I have also found that my name is the perfect mixture of common sounding, whilst at the same time also necessitating me to spell it out nearly every time someone needs to write it down or having them inevitably spell it incorrectly (Stephen/Steve and Brown/Browne).

At my current job I cannot use my first name and surname as my email address like everyone else. I have to use my middle initial too. That would be fine, but because people  use Outlook for names when they put documents together I am often named Stephen J. Brown. I would never use my name like this. I am not able to pull it off with the same style and confidence as Michael J. Fox. Even with the “J” solution, I often get my namesake’s email and he gets mine (sometimes I even get calls to come and collect parcels for him, which would be fine, but we work in offices hundreds of miles apart). Once when a senior partner at the firm used the wrong email address he asked me, in all seriousness, whether I had considered changing my name so that he wouldn’t make the same mistake again.

There is a certain level of google-nymity that having a name like this brings though. For instance, Denitza was unable to successfully Facebook stalk me when I first got together with Vera! However, you don’t disappear as much as you might think. When I last changed jobs I read somewhere that you should google yourself to see if there was anything untoward for any future employers to find. I dutifully googled “Stephen Brown HMRC” (who were my then employers). The first entry was for a Facebook group entitled “HMRC is shite and everyone should leave except Stephen Brown who never will”. Excellent I thought. And yes, the Stephen Brown in question who would never leave was me. An ex-colleague of mine had set the page up as a joke when she was leaving several years previously.
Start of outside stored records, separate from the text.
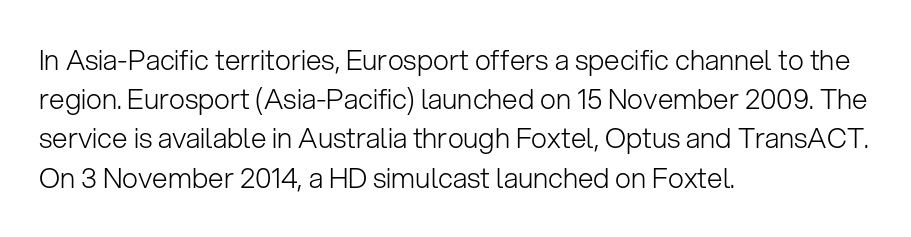
{"serif": "no", "italic": "no", "bold": "no", "weight": "light", "width": "normal", "stroke_contrast": "low", "x_height": "medium", "monospaced": "no", "underline": "no", "align": "left", "line_spacing": "normal", "line_spacing_ratio": 1.4, "letter_spacing": "normal", "letter_spacing_em": 0.0, "glyph_px": 28}
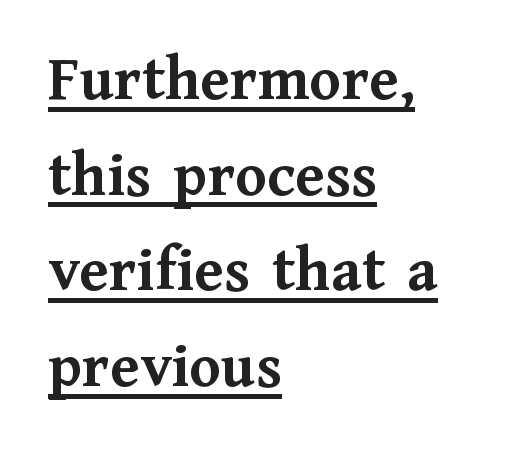
The text was rendered using a seriffed face with decorative stroke endings. You can tell it's not italic because the verticals are truly vertical. The specimen includes a rule beneath the text block's lines. Spacing verdict: proportional, widths tailored to each character. Students, note that the glyphs here touch the page at normal intervals.
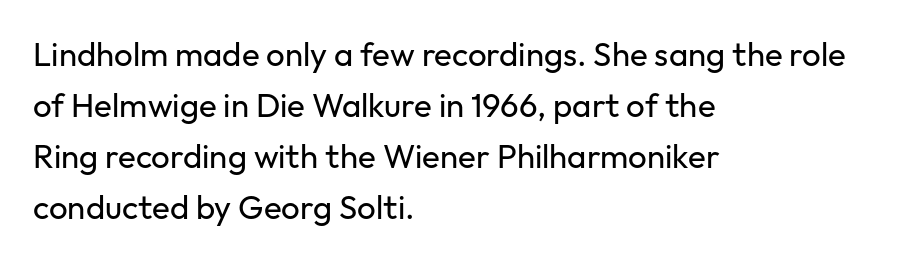
{"serif": "no", "italic": "no", "bold": "no", "weight": "regular", "width": "normal", "stroke_contrast": "low", "x_height": "medium", "monospaced": "no", "underline": "no", "align": "left", "line_spacing": "normal", "line_spacing_ratio": 1.55, "letter_spacing": "normal", "letter_spacing_em": 0.0, "glyph_px": 33}
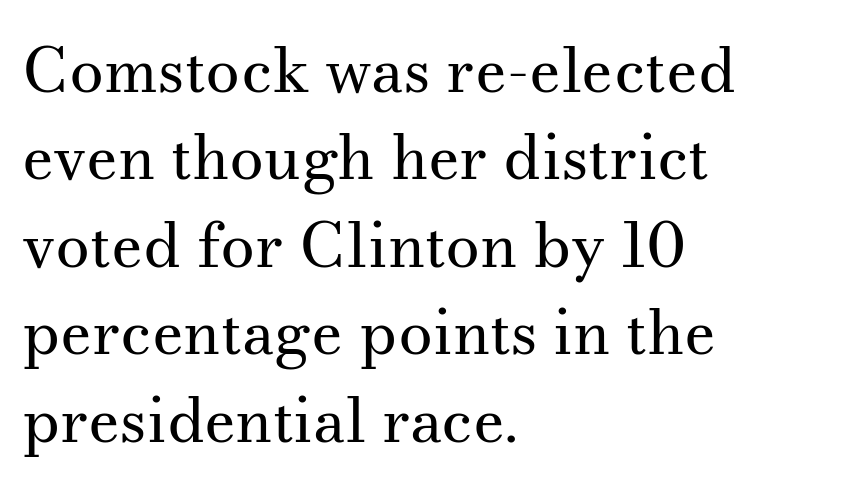
{"serif": "yes", "italic": "no", "bold": "no", "weight": "regular", "width": "normal", "stroke_contrast": "medium", "x_height": "small", "monospaced": "no", "underline": "no", "align": "left", "line_spacing": "normal", "line_spacing_ratio": 1.41, "letter_spacing": "normal", "letter_spacing_em": 0.0, "glyph_px": 62}
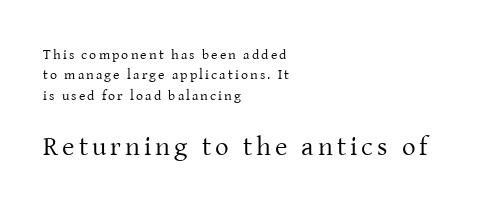
Q: Is the text bold? A: No.
Q: Is the text italic (slanted)? A: No, it is upright.
Q: Is the text underlined? A: No.
Q: How is the paragraph aligned? A: Left-aligned.
Q: Is the spacing between lines tight, normal or loose? A: Normal.
Q: Which block of text is set in a larger size, the first (top) or the second (bottom)? A: The second (bottom) one.
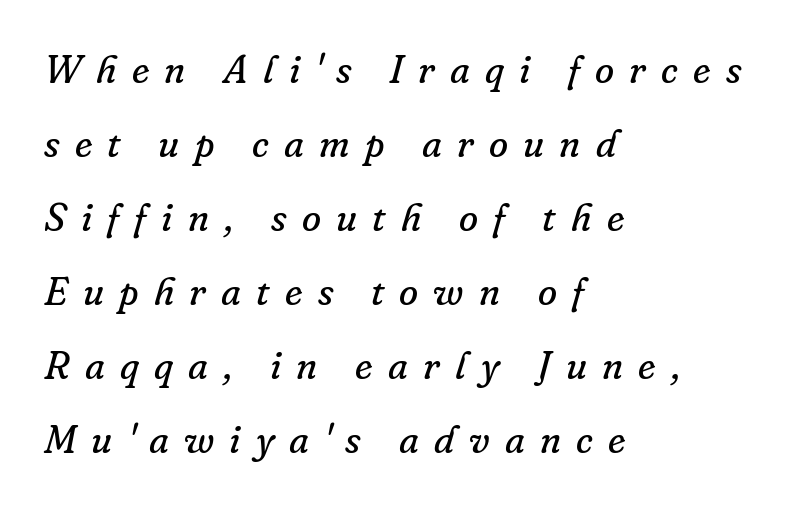
{"serif": "yes", "italic": "yes", "lean": "right", "slant_degrees": 16, "bold": "no", "weight": "regular", "width": "normal", "stroke_contrast": "low", "x_height": "small", "monospaced": "no", "underline": "no", "align": "left", "line_spacing": "loose", "line_spacing_ratio": 1.9, "letter_spacing": "wide", "letter_spacing_em": 0.39, "glyph_px": 39}

My Mum did take my Dad’s name. Not as an 18 year old straight out of school, but as grown woman in her late twenties who had travelled the world. In fact, she took his name before they even married! When they met, my Dad was separated and waiting for a divorce. They had both worked abroad at various times and he was about to go away again. The only way that she could go with him, in the eyes of his company, was if they were married (or had the same last name). I don’t know whether she woke up feeling like a different person because she changed her name. I know that I woke up feeling like a different person after meeting Vera and it didn’t require me to change my name.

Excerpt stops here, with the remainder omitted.